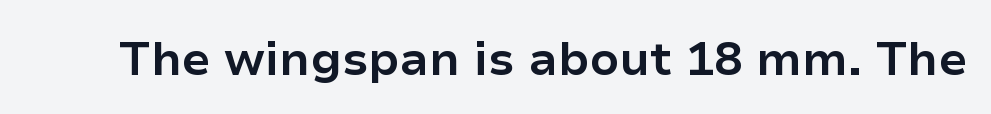
Q: Is the text bold? A: Yes.
Q: Is the text italic (slanted)? A: No, it is upright.
Q: Is the typeface a serif or a sans-serif typeface? A: Sans-serif.
Q: Is the text underlined? A: No.
Q: Is the spacing between letters normal or unusually wide? A: Normal.
Q: Width (condensed, normal, or wide)? A: Normal.
Q: Stroke contrast? A: Low.
Q: x-height? A: Medium.
Q: Monospaced? A: No.
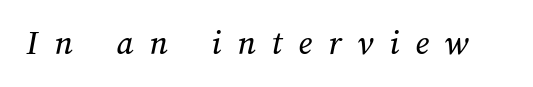
{"width": "normal", "stroke_contrast": "medium", "x_height": "medium", "monospaced": "no", "underline": "no", "letter_spacing": "wide", "letter_spacing_em": 0.46, "glyph_px": 35}
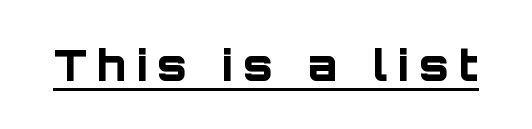
Stroke thickness is high; the sample reads as a true bold. Notice how a bar underscores the lettering throughout. The face used here is a sans, in the tradition of grotesques and geometrics. Substantial extra tracking has been applied to these lines. The font's upright variant was chosen for this text. Is this a fixed-width face? No — the glyphs have proportional, varying widths.
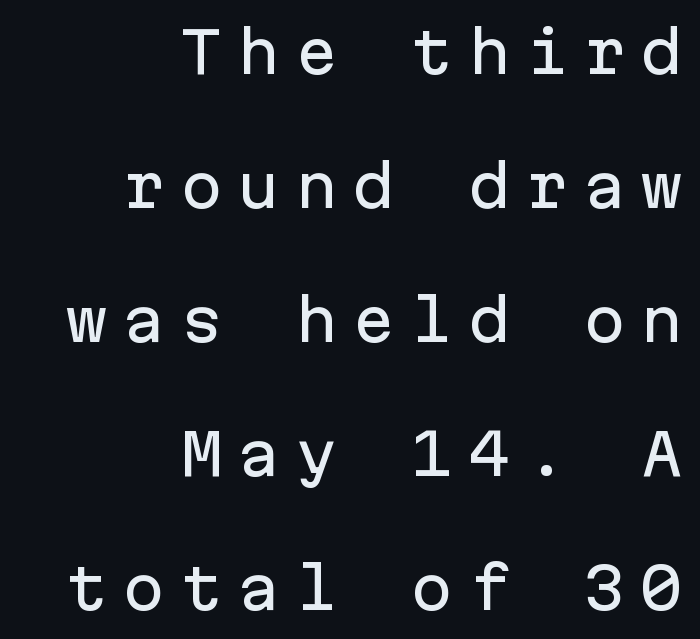
Q: Is the text italic (slanted)? A: No, it is upright.
Q: Is the typeface a serif or a sans-serif typeface? A: Sans-serif.
Q: Is the text underlined? A: No.
Q: How is the paragraph aligned? A: Right-aligned.
Q: Is the spacing between letters normal or unusually wide? A: Unusually wide.
Q: Is the spacing between lines tight, normal or loose? A: Loose.
Q: Width (condensed, normal, or wide)? A: Normal.
Q: Stroke contrast? A: Low.
Q: x-height? A: Medium.
Q: Monospaced? A: Yes.
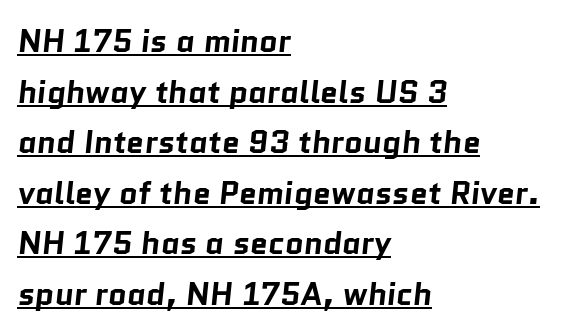
The rendering uses the underline text-decoration. Line spacing here is normal. Leftover space on each line is placed entirely after the last word. Stroke thickness is high; the sample reads as a true bold. Characters follow at the spacing the type designer built in.
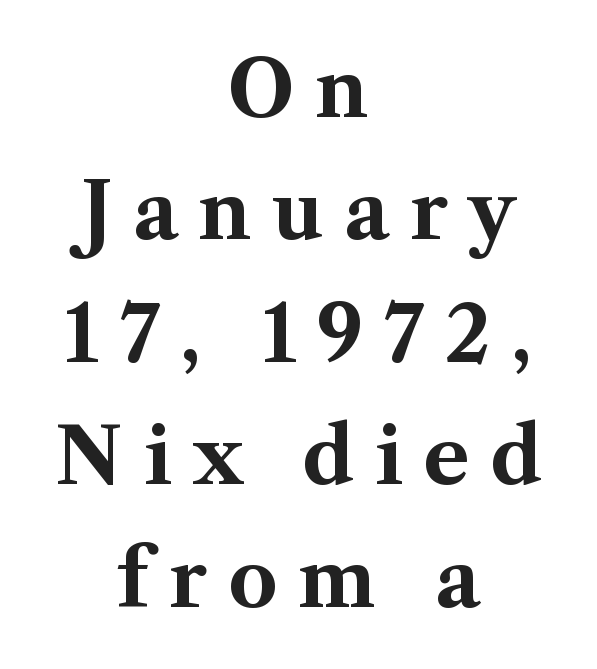
Q: Is the text bold? A: Yes.
Q: Is the text italic (slanted)? A: No, it is upright.
Q: Is the typeface a serif or a sans-serif typeface? A: Serif.
Q: Is the text underlined? A: No.
Q: How is the paragraph aligned? A: Centered.
Q: Is the spacing between letters normal or unusually wide? A: Unusually wide.
Q: Is the spacing between lines tight, normal or loose? A: Normal.
Q: Width (condensed, normal, or wide)? A: Normal.
Q: Stroke contrast? A: Medium.
Q: x-height? A: Medium.
Q: Monospaced? A: No.
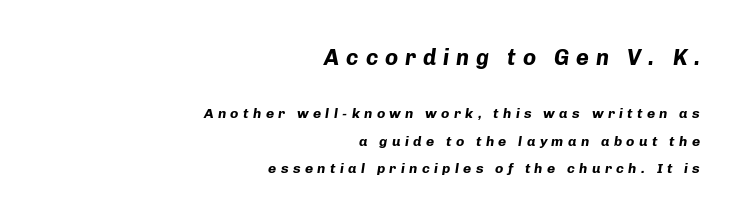
Q: Is the text bold? A: Yes.
Q: Is the text italic (slanted)? A: Yes, it leans right by about 8 degrees.
Q: Is the text underlined? A: No.
Q: How is the paragraph aligned? A: Right-aligned.
Q: Is the spacing between letters normal or unusually wide? A: Unusually wide.
Q: Is the spacing between lines tight, normal or loose? A: Loose.
Q: Which block of text is set in a larger size, the first (top) or the second (bottom)? A: The first (top) one.
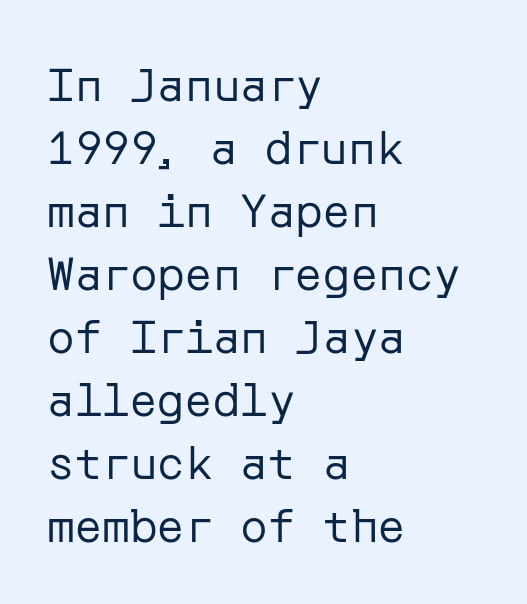
Q: Is the text bold? A: No.
Q: Is the text italic (slanted)? A: No, it is upright.
Q: Is the typeface a serif or a sans-serif typeface? A: Sans-serif.
Q: Is the text underlined? A: No.
Q: How is the paragraph aligned? A: Left-aligned.
Q: Is the spacing between letters normal or unusually wide? A: Normal.
Q: Is the spacing between lines tight, normal or loose? A: Normal.
Q: Width (condensed, normal, or wide)? A: Normal.
Q: Stroke contrast? A: Low.
Q: x-height? A: Medium.
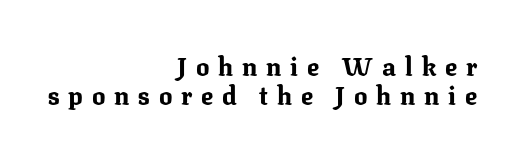
A flush-right, rag-left setting is used for this passage. Inter-character spacing is expanded well beyond the font's built-in metrics. The space beneath each line is pristine and unruled. A roman cut, with each character standing at attention. Weight: bold.
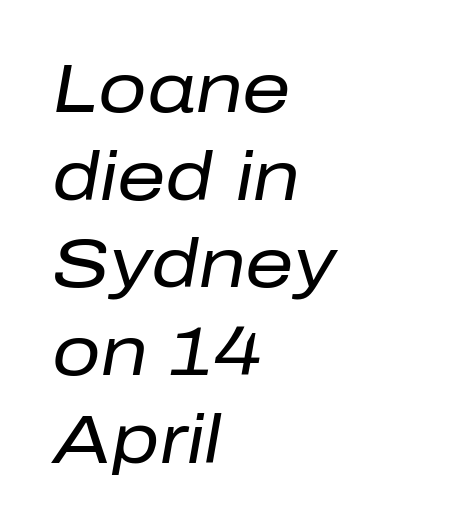
The line-height multiplier appears to be the usual default. Does the copy run flush right? No — it runs flush left. Between one letter and the next there's only the usual sliver of space. Slanted lettering throughout. The zone under the glyphs is completely vacant.
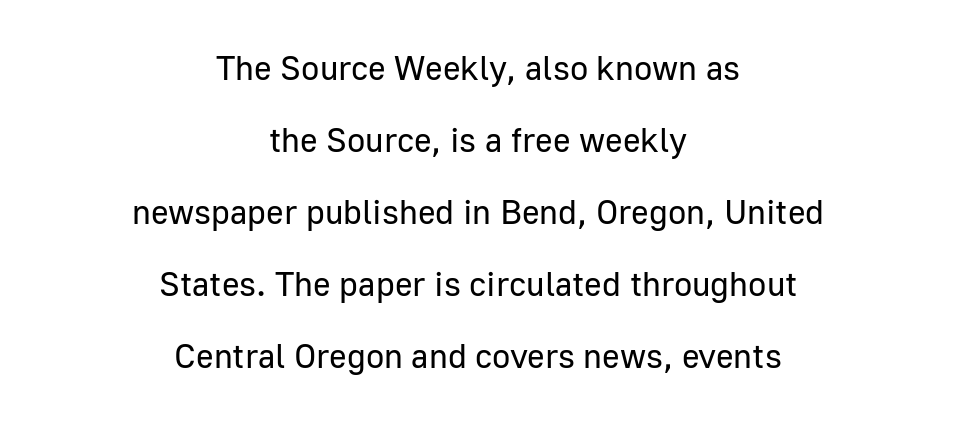
{"serif": "no", "italic": "no", "bold": "no", "weight": "regular", "width": "normal", "stroke_contrast": "low", "x_height": "medium", "monospaced": "no", "underline": "no", "align": "center", "line_spacing": "loose", "line_spacing_ratio": 2.12, "letter_spacing": "normal", "letter_spacing_em": 0.0, "glyph_px": 34}
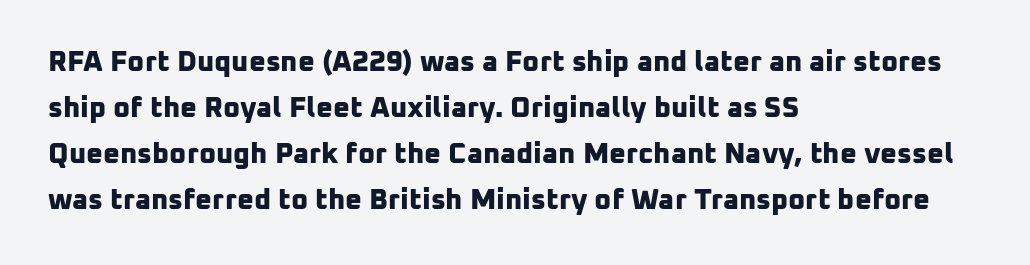
The image shows 29 px bold sans-serif type; set left-aligned, normal line spacing (1.59x), normal letter spacing, not underlined; low stroke contrast and a medium x-height.
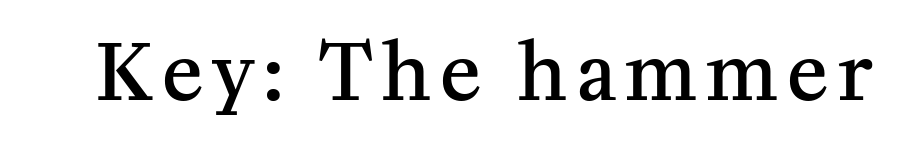
The image shows 77 px semibold serif type, upright; set not underlined; medium stroke contrast and a medium x-height.
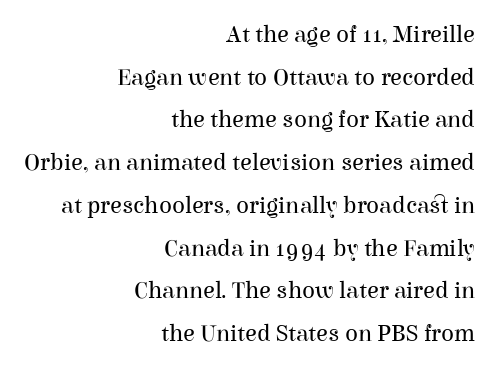
{"italic": "no", "bold": "no", "underline": "no", "align": "right", "line_spacing_ratio": 1.78, "letter_spacing": "normal", "letter_spacing_em": 0.0, "glyph_px": 24}
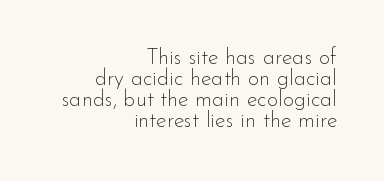
The cut favours lightness, reaching ordinary text weight at its darkest. The zone under the glyphs is completely vacant. Style check: upright. These lines stack with their right ends in a neat column. You could call the tracking neutral — neither tight nor loose. If you measured baseline to baseline, you'd find a short distance.
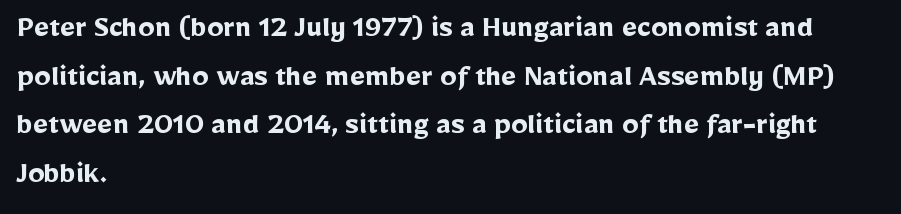
You could not count columns in this text — the font is proportionally spaced. Posture: vertical. The designer went with a sans here, leaving each stem footless. Students, note that the glyphs here touch the page at normal intervals.
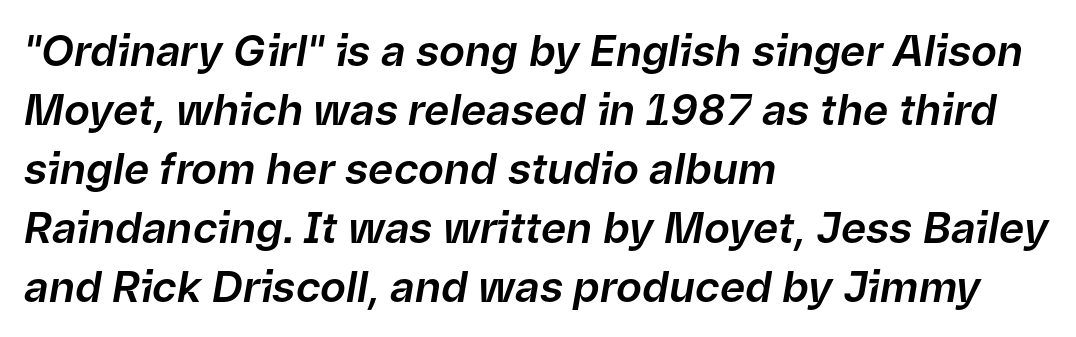
It's the slanting kind of type. The horizontal fit of the characters is conventional and even. Note the varied advance widths — an 'i' is clearly narrower than an 'm'. The text block is weighted toward the left margin, trailing off unevenly rightward.
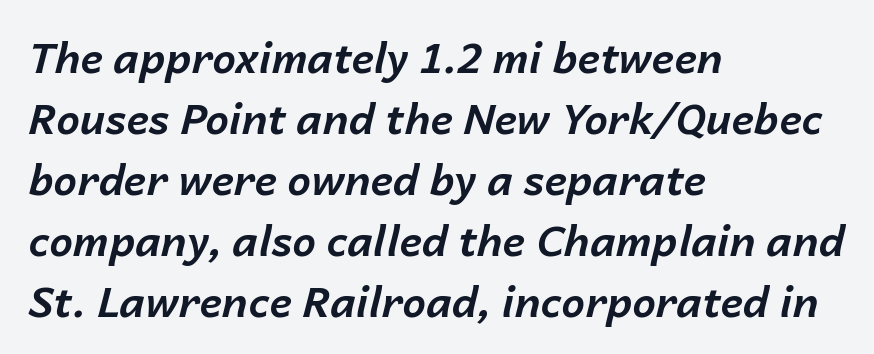
{"italic": "yes", "lean": "right", "slant_degrees": 14, "bold": "yes", "weight": "bold", "width": "normal", "stroke_contrast": "low", "x_height": "medium", "monospaced": "no", "underline": "no", "align": "left", "line_spacing": "normal", "line_spacing_ratio": 1.45, "letter_spacing": "normal", "letter_spacing_em": 0.0, "glyph_px": 42}
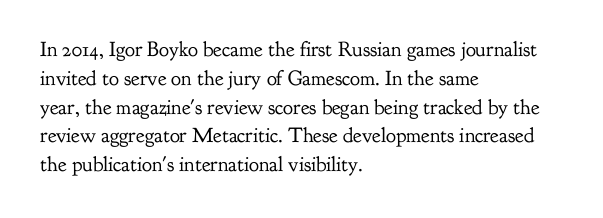
Each new line begins a customary step beneath the previous one. Stems here are at most as thick as an everyday book face. Words appear dense and cohesive because spacing is normal. Descenders hang freely into open space. The axis of the letterforms is exactly vertical.
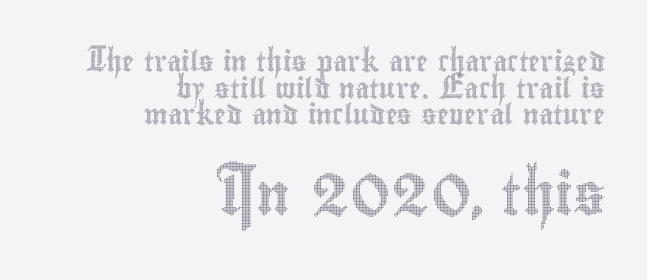
Q: Is the text italic (slanted)? A: No, it is upright.
Q: Is the text underlined? A: No.
Q: How is the paragraph aligned? A: Right-aligned.
Q: Is the spacing between letters normal or unusually wide? A: Normal.
Q: Is the spacing between lines tight, normal or loose? A: Normal.
Q: Which block of text is set in a larger size, the first (top) or the second (bottom)? A: The second (bottom) one.
Q: Width (condensed, normal, or wide)? A: Condensed.
Q: x-height? A: Small.
Q: Monospaced? A: No.
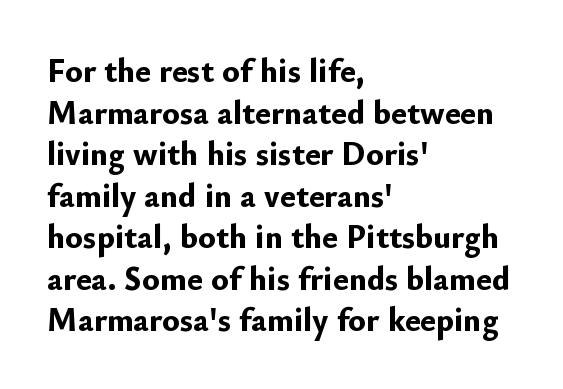
Q: Is the text bold? A: Yes.
Q: Is the text italic (slanted)? A: No, it is upright.
Q: Is the typeface a serif or a sans-serif typeface? A: Sans-serif.
Q: Is the text underlined? A: No.
Q: How is the paragraph aligned? A: Left-aligned.
Q: Is the spacing between letters normal or unusually wide? A: Normal.
Q: Is the spacing between lines tight, normal or loose? A: Normal.
Q: Width (condensed, normal, or wide)? A: Normal.
Q: Stroke contrast? A: Low.
Q: x-height? A: Small.
Q: Monospaced? A: No.
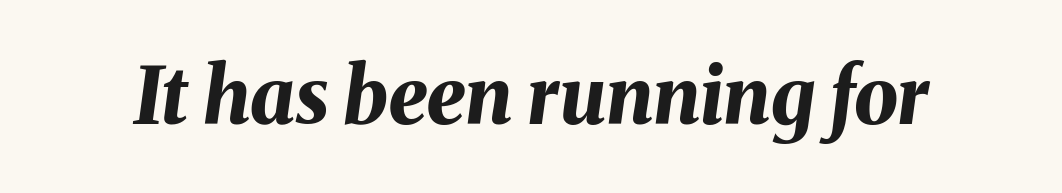
The image shows 78 px bold type, italic (leaning right); set normal letter spacing, not underlined; medium stroke contrast and a medium x-height.

━━━━━━━━

__EXERCISE DIRECTIONS__
Show every line of the listing that includes the word "designer".

__TASK RESPONSE__
The rendering uses the underline text-decoration. Line spacing here is normal. Leftover space on each line is placed entirely after the last word. Stroke thickness is high; the sample reads as a true bold. Characters follow at the spacing the type designer built in.
You could not count columns in this text — the font is proportionally spaced. Posture: vertical. The designer went with a sans here, leaving each stem footless. Students, note that the glyphs here touch the page at normal intervals.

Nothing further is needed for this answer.